For someone big on conversations, Hieng is rather reserved in his demeanour. But he is polite, courteous, and chivalrous to a tee. He tries to pay for lunch, then for our prawn biscuits, then the single-origin Tanjong Sepat chocolate we buy to bring home. He calls his mother to ask her to call up the bao place that looks closed and sits in the front seat of the car to direct us around town. Despite his fascination with the new, he is unabashedly old school. Similarly, his approach to art is staunchly traditional; his sensibility is that of an apprentice who seeks to hone their skills in a sagely master’s workshop. In Hieng’s practice, detail is fundamental to the making of good art. Even in his earliest works as a student at Dasein, there is a painstaking amount of granularity, laden with layers of in-jokes, symbols, and witty observation.

Di Pasar (2021) is made in the descriptive details, each carve of his knife against the woodblock taking away only the barest of material. Even his pictures of small towns are infected with the messy malady of the urban. Di Pasar’s cast of characters is compacted so tightly that one’s gaze must navigate through it as one might weave through crowds at an actual wet market; as in life, the gems are often surreptitiously tucked away in corners. There are the humans: the hypermasculine butcher donning a Winnie the Pooh T-shirt, the visor-sporting auntie clutching her copy of Sinchew Daily, the fishmonger thrusting his aquatic wares upwards like a sky-piercing magic sword, the RELA member giving some serious side-eye to a smoking man. Then there are strange non-humans, accrued objects that sustain existence, and everything in between: the chimera chickens with misshapen human faces, the Maggi packet, the dog chomping down on a pig’s head, the 4D lottery tickets, the Ikan Baru Naik sign (itself a joke about what BN stands for). On the cusp of being overwhelming, Di Pasar is grounded by diagonal lines of faces across the paper, axes foreshortened in perspective for the eye to meander. Everywhere one looks, there is something to dissect, or at the very least, to slightly chuckle at. It is not merely one snapshot of a visit to the market, but an amalgamation of many small moments condensed into one work, a Best Hits playlist produced with the finest hand. The sun is here transformed into a black dot against the paper, a dark void at the end of the eye line standing in contrast to the fine lines of the rest of the work.

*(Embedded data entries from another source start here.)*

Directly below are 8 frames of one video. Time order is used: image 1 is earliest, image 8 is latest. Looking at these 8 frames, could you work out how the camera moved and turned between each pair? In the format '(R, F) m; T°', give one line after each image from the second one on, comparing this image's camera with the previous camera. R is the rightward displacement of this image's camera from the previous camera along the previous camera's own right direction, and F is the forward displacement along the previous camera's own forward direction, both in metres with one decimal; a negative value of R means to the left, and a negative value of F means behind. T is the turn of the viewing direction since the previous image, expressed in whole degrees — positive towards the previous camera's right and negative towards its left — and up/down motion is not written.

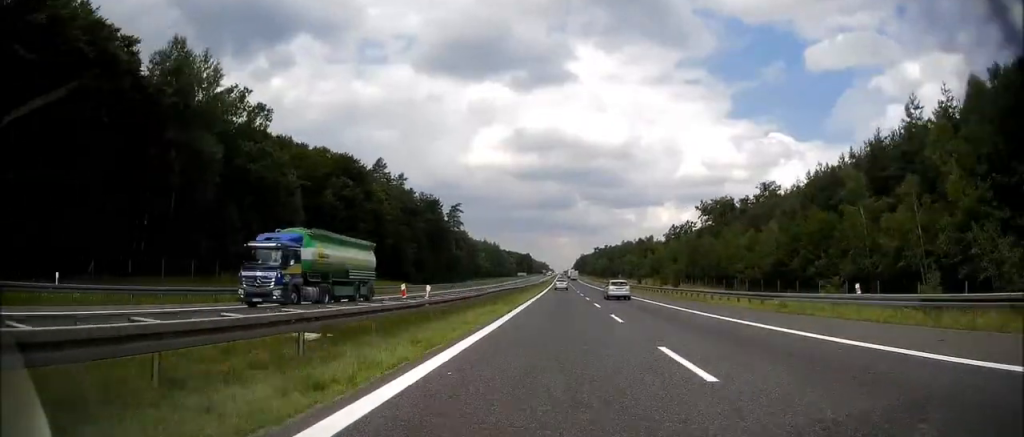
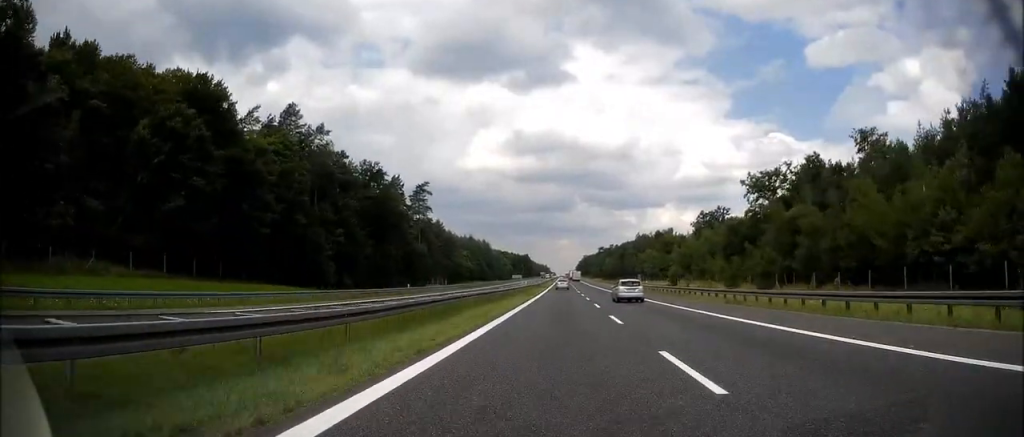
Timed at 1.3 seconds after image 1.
(+0.2, +49.7) m; 0°
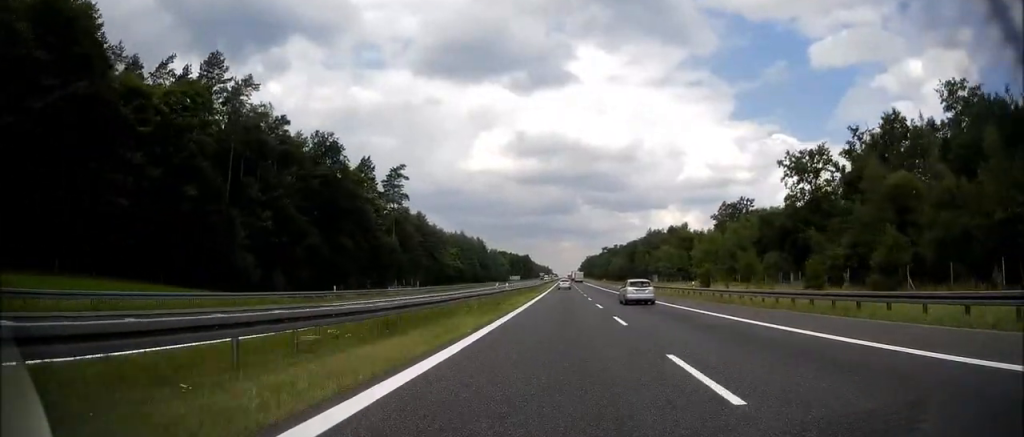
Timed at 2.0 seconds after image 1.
(+0.2, +24.8) m; 0°
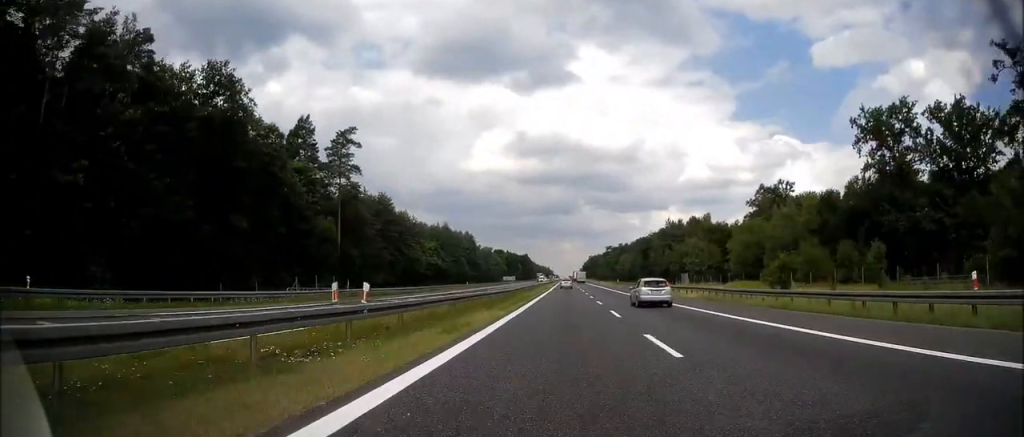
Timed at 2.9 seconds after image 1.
(-0.3, +32.3) m; 0°
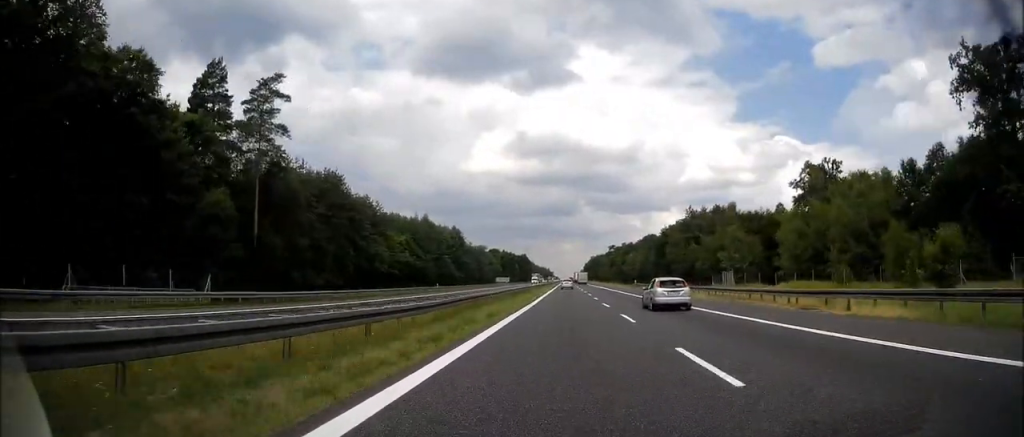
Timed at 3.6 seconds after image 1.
(0.0, +27.3) m; 0°
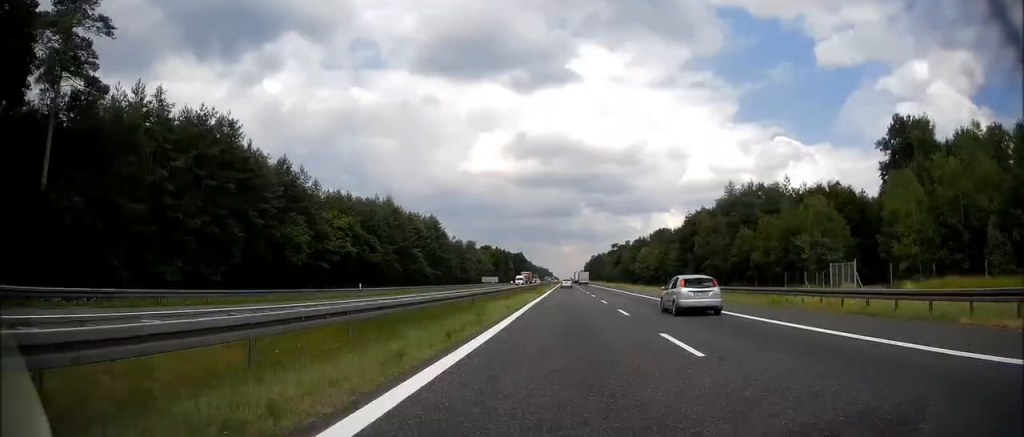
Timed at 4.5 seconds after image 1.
(+0.2, +33.5) m; 0°
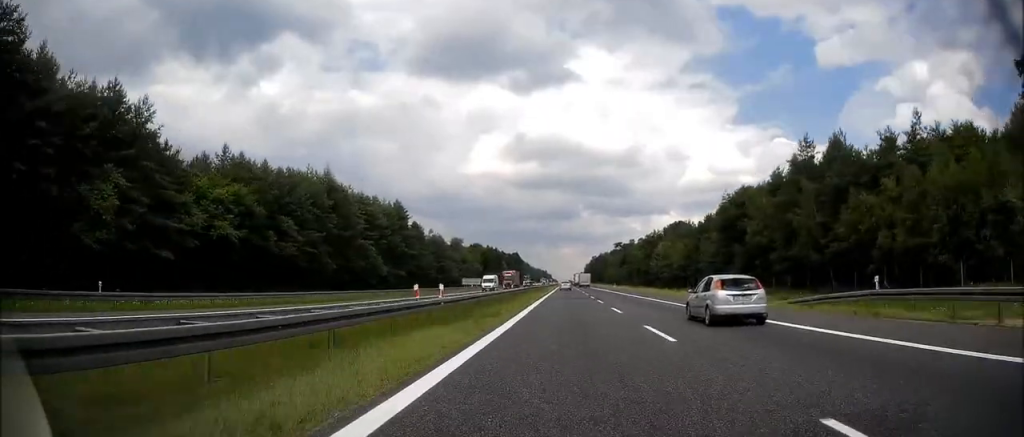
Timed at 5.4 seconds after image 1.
(0.0, +33.4) m; 0°
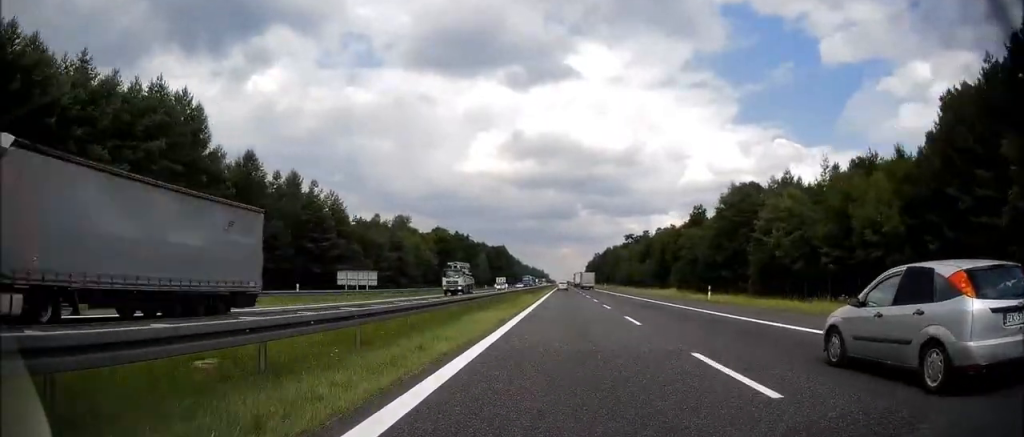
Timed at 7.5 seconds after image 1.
(-0.4, +79.0) m; 0°

Conversations are lived through with others: to truly speak to another, one must subject yourself to being known. Hieng understands this deeply. That day, I was sketching on the street (2021), the work from which the exhibition takes its title, features a self-portrait amidst the bustle of Kuala Lumpur’s Chinatown. Pencil and notebook in hand, cigarette between his lips, Hieng looks out not to the scene but directly at us, the viewer. We are the invisible correspondents in the project of art, or any project of making a mark; implicated in the flick of a wood carving knife, the gentle arc of a brushstroke, the sun, the sun.